| TASK PROMPT |
Among the entries below, find the line with "Q: Is the typeface", then quote it and each following line up to and including the line with "The image shows 47", and nothing else.

| MATERIAL PROVIDED |
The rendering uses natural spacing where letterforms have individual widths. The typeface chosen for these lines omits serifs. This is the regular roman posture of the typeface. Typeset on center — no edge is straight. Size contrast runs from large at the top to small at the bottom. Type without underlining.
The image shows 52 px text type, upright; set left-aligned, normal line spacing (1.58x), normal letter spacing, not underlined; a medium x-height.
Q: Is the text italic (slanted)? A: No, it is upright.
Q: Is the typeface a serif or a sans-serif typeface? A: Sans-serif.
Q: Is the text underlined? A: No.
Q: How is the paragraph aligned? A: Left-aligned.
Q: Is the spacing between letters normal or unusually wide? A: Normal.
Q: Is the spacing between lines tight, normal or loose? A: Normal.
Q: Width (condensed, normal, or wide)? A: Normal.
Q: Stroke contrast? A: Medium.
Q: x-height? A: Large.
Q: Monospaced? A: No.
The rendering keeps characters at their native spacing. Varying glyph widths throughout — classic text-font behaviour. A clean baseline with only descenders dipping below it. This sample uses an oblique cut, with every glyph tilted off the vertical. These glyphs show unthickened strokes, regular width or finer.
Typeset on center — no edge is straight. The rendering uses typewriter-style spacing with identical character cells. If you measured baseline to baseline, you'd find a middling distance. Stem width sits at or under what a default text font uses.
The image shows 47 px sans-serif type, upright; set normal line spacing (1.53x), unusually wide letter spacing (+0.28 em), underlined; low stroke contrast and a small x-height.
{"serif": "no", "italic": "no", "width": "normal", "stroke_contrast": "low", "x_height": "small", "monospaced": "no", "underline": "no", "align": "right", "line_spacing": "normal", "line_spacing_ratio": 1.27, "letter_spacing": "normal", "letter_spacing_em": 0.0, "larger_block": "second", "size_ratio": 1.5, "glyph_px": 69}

| TASK RESULT |
Q: Is the typeface a serif or a sans-serif typeface? A: Sans-serif.
Q: Is the text underlined? A: No.
Q: How is the paragraph aligned? A: Left-aligned.
Q: Is the spacing between letters normal or unusually wide? A: Normal.
Q: Is the spacing between lines tight, normal or loose? A: Normal.
Q: Width (condensed, normal, or wide)? A: Normal.
Q: Stroke contrast? A: Medium.
Q: x-height? A: Large.
Q: Monospaced? A: No.
The rendering keeps characters at their native spacing. Varying glyph widths throughout — classic text-font behaviour. A clean baseline with only descenders dipping below it. This sample uses an oblique cut, with every glyph tilted off the vertical. These glyphs show unthickened strokes, regular width or finer.
Typeset on center — no edge is straight. The rendering uses typewriter-style spacing with identical character cells. If you measured baseline to baseline, you'd find a middling distance. Stem width sits at or under what a default text font uses.
The image shows 47 px sans-serif type, upright; set normal line spacing (1.53x), unusually wide letter spacing (+0.28 em), underlined; low stroke contrast and a small x-height.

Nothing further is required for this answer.